** Work request **
Transcribe each line of the records below exactly, excluding any embedded images.

··· Given information ···

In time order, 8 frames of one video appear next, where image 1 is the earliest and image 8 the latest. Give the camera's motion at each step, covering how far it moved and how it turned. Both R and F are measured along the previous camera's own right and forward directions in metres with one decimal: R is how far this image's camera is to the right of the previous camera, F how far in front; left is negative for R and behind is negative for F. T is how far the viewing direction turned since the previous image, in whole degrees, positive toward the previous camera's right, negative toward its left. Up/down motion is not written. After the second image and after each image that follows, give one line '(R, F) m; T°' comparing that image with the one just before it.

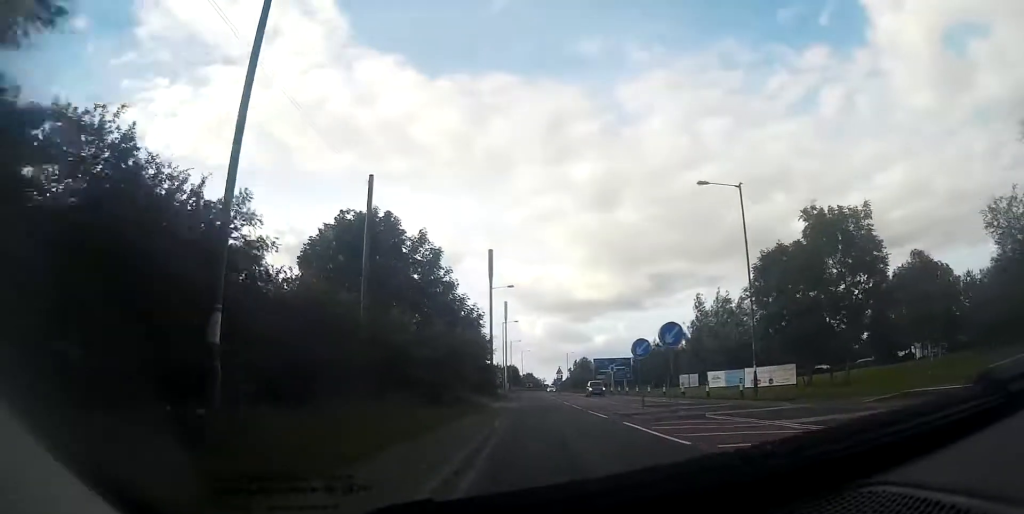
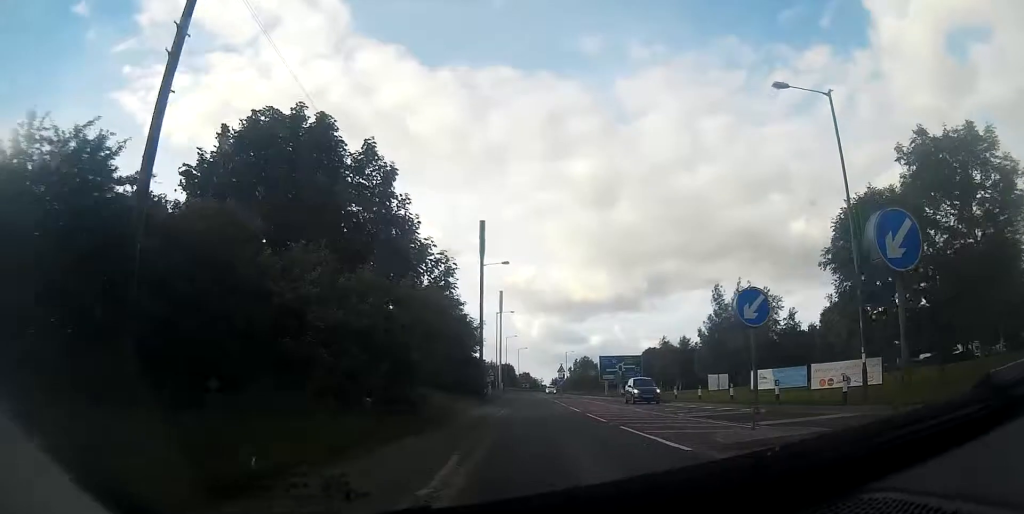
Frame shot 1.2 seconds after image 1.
(-0.1, +10.1) m; -1°
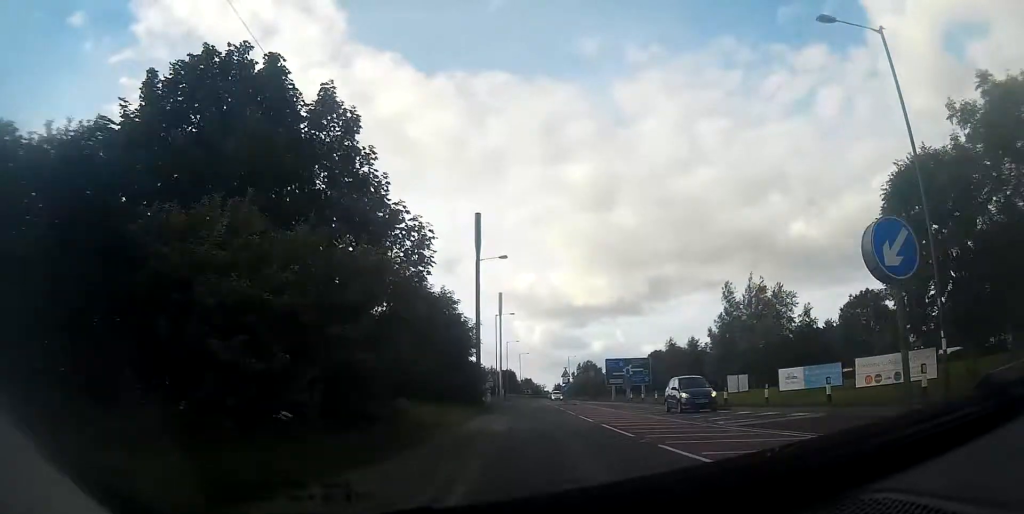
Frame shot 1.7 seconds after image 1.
(0.0, +4.4) m; 0°
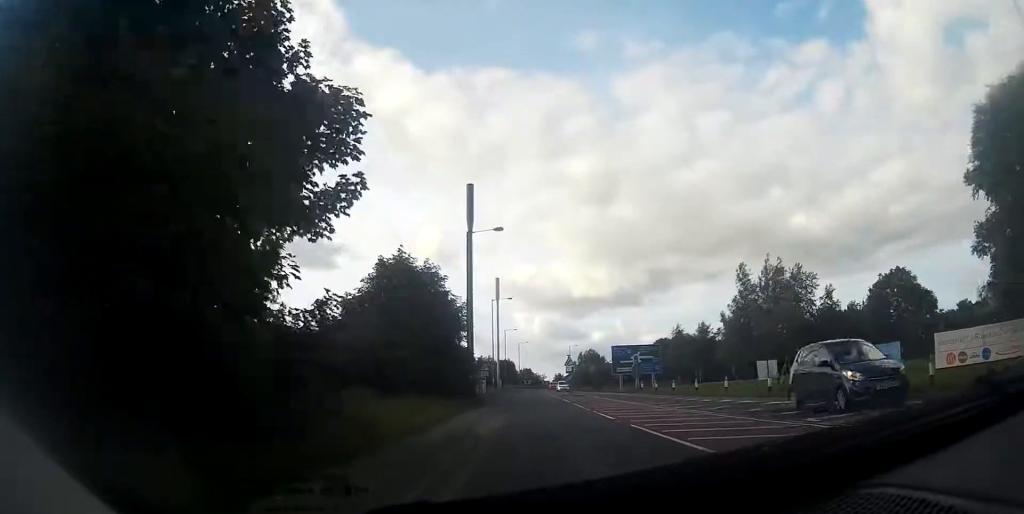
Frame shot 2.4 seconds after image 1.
(+0.1, +6.1) m; +1°
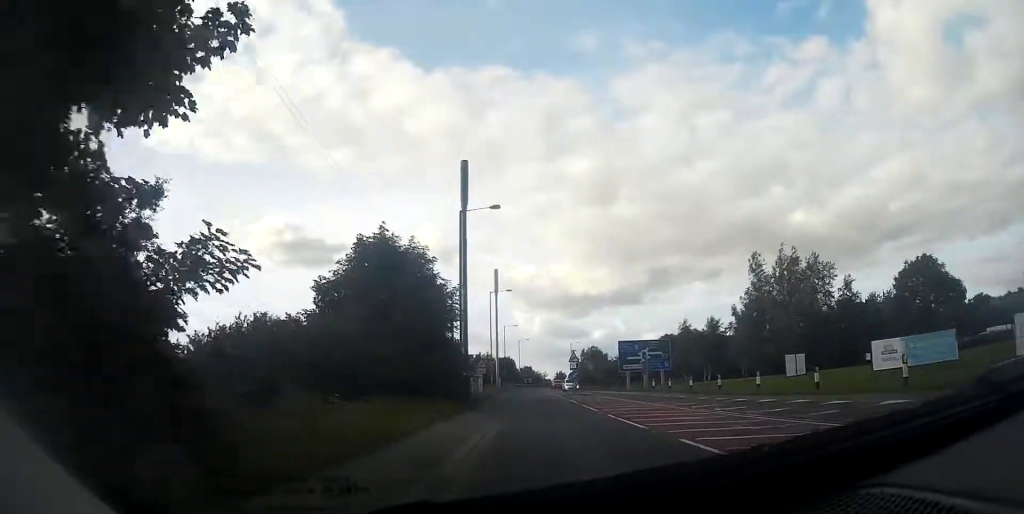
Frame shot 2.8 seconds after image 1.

···

** Result for this task **
In time order, 8 frames of one video appear next, where image 1 is the earliest and image 8 the latest. Give the camera's motion at each step, covering how far it moved and how it turned. Both R and F are measured along the previous camera's own right and forward directions in metres with one decimal: R is how far this image's camera is to the right of the previous camera, F how far in front; left is negative for R and behind is negative for F. T is how far the viewing direction turned since the previous image, in whole degrees, positive toward the previous camera's right, negative toward its left. Up/down motion is not written. After the second image and after each image that follows, give one line '(R, F) m; T°' comparing that image with the one just before it.

Frame shot 1.2 seconds after image 1.
(-0.1, +10.1) m; -1°
Frame shot 1.7 seconds after image 1.
(0.0, +4.4) m; 0°
Frame shot 2.4 seconds after image 1.
(+0.1, +6.1) m; +1°
Frame shot 2.8 seconds after image 1.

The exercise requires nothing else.